● **Data to process**:
- - - -

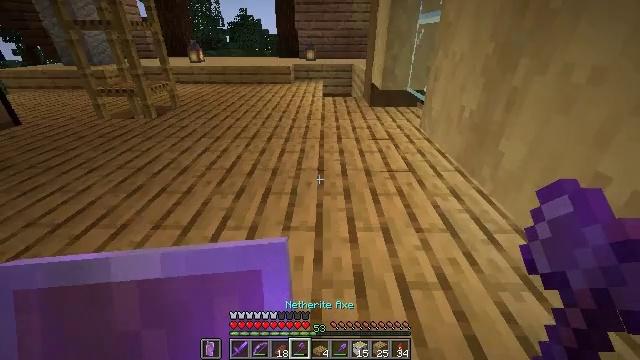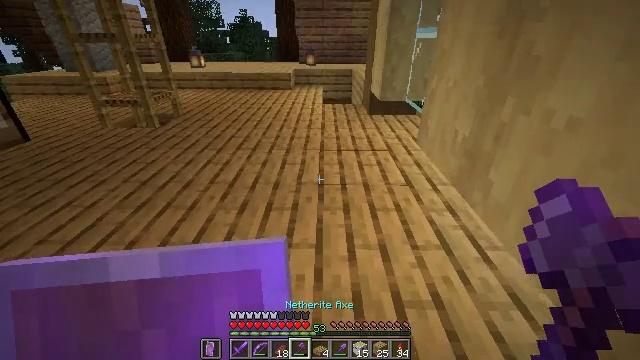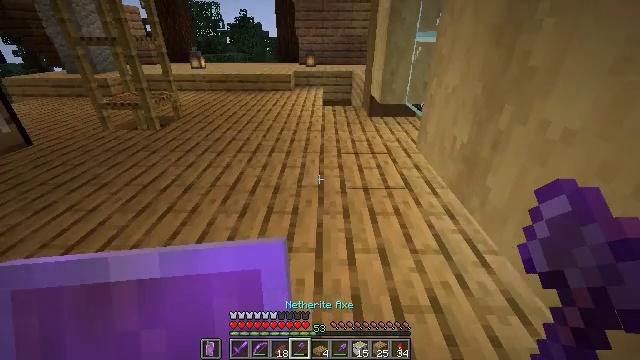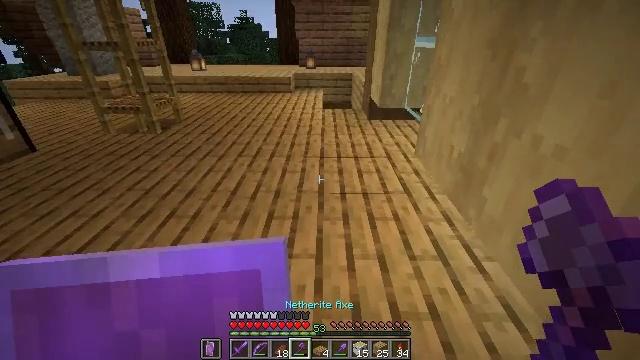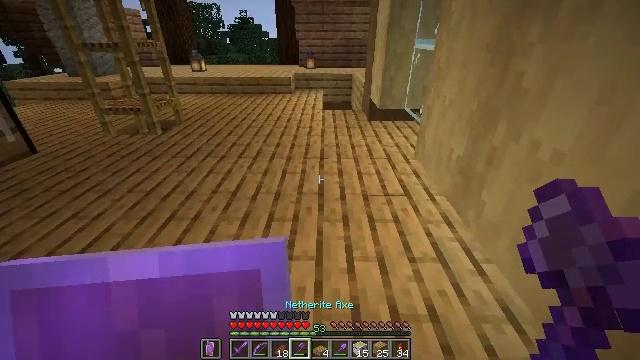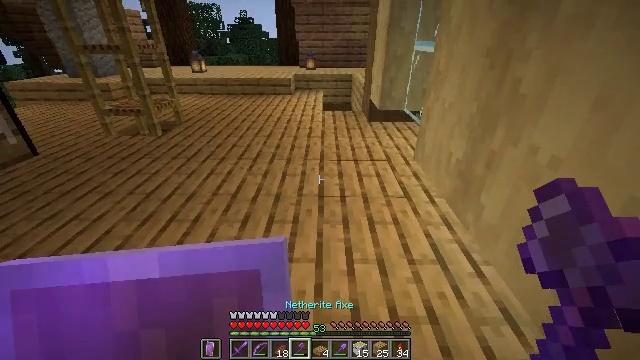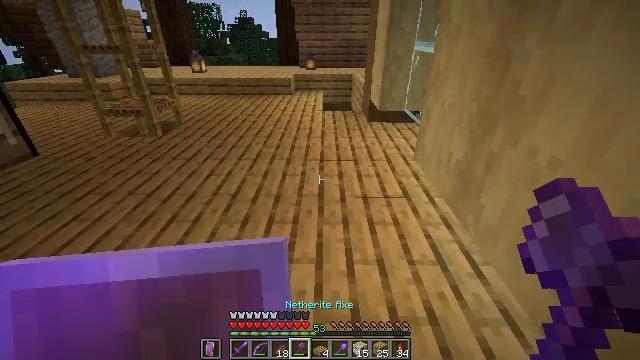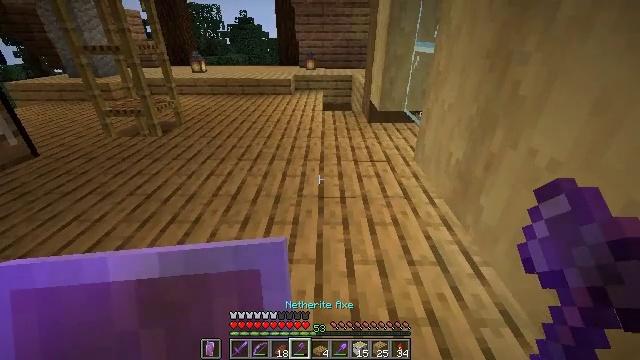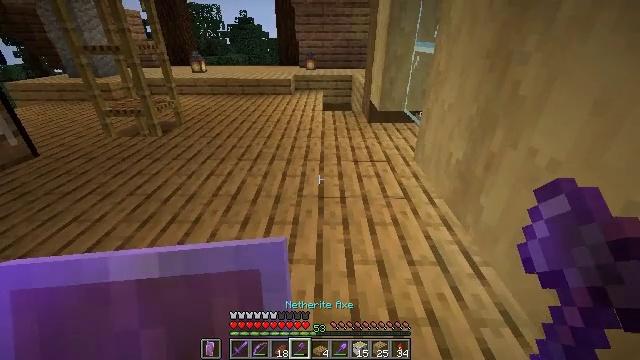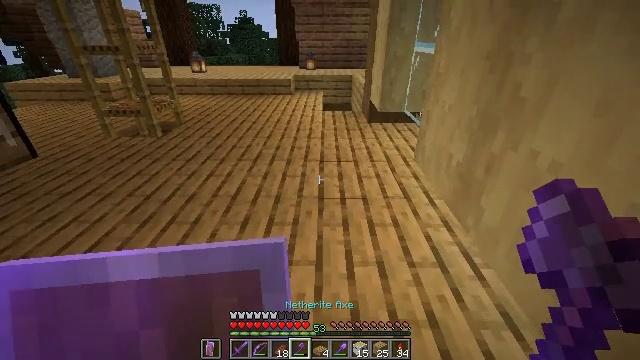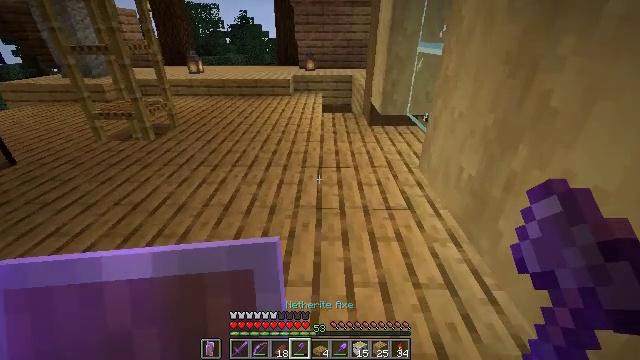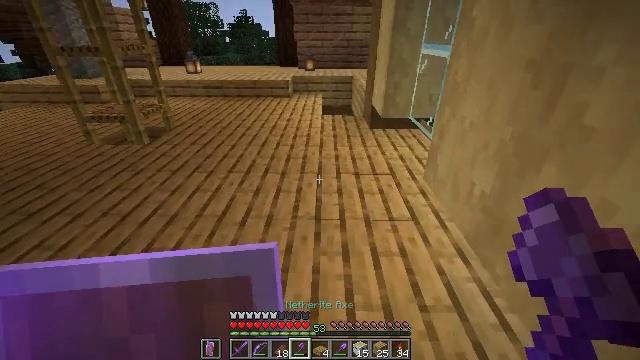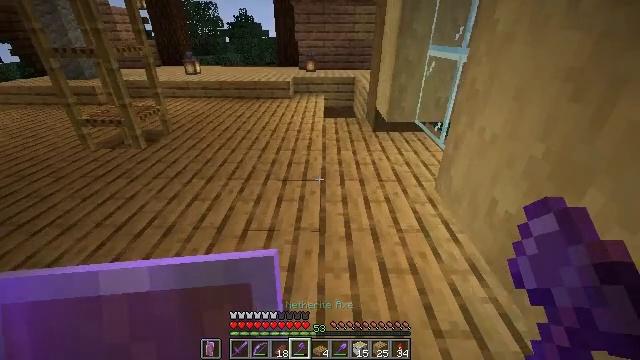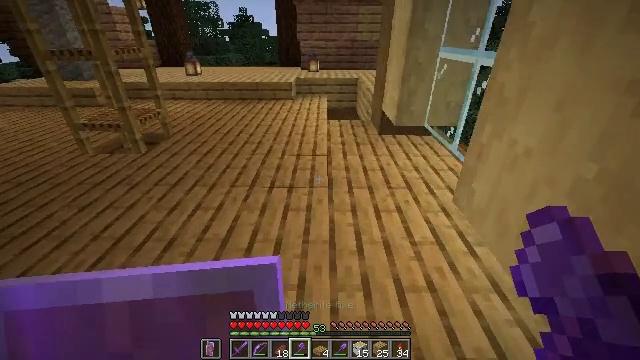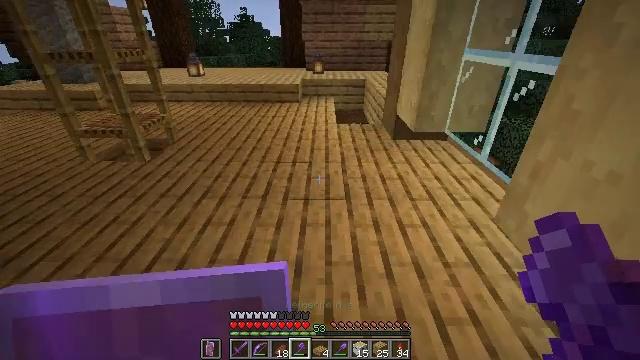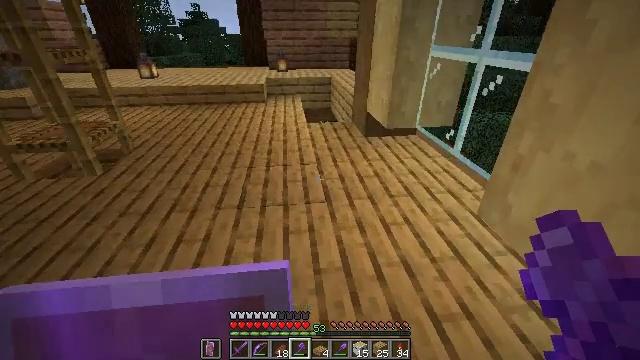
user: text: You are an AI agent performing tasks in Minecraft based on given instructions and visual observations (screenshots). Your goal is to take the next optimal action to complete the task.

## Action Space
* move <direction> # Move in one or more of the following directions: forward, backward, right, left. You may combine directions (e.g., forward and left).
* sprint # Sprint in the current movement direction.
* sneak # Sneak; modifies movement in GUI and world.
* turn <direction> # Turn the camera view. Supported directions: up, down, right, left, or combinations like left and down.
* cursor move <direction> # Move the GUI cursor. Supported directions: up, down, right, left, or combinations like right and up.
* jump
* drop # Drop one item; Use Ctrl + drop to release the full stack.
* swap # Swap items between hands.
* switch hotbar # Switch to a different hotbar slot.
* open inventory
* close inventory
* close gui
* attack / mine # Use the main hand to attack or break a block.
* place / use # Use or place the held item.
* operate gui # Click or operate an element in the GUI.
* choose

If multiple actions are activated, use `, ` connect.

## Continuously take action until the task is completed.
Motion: motion action
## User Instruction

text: Attack the oak slab to collect it.
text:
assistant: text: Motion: no_op
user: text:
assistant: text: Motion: no_op
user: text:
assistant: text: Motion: no_op
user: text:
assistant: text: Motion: no_op
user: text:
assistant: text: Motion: no_op
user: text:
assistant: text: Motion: no_op
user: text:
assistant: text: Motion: no_op
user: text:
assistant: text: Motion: no_op
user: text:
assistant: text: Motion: move forward
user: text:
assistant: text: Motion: move forward
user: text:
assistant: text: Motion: move forward
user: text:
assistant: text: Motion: move forward and move left
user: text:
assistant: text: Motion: move forward and move left
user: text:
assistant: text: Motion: move forward and move left
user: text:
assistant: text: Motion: move forward and move left, turn right
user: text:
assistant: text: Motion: move forward and move left, turn right
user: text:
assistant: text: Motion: move forward and move left, turn right
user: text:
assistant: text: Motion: move forward and move left, turn right
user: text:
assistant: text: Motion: move forward and move left, turn right
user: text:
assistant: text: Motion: move forward and move left, turn right
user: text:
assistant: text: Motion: move forward and move left, turn right
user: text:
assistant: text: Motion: move forward and move left, turn right
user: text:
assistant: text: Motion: move forward and move left, turn right
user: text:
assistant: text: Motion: move forward and move left, turn right
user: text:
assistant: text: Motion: move forward and move left, turn right
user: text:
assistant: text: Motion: move forward and move left, turn right
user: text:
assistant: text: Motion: move forward and move left, turn right
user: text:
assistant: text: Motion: move forward and move left, turn right
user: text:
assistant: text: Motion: move left, turn right
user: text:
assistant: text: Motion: move left, turn right

- - - -

● **Your objective**: Up to and including the line containing "left and down.", quote each line of the entries above from the very first, please, exactly and without images.

● **Your response**:
user: text: You are an AI agent performing tasks in Minecraft based on given instructions and visual observations (screenshots). Your goal is to take the next optimal action to complete the task.

## Action Space
* move <direction> # Move in one or more of the following directions: forward, backward, right, left. You may combine directions (e.g., forward and left).
* sprint # Sprint in the current movement direction.
* sneak # Sneak; modifies movement in GUI and world.
* turn <direction> # Turn the camera view. Supported directions: up, down, right, left, or combinations like left and down.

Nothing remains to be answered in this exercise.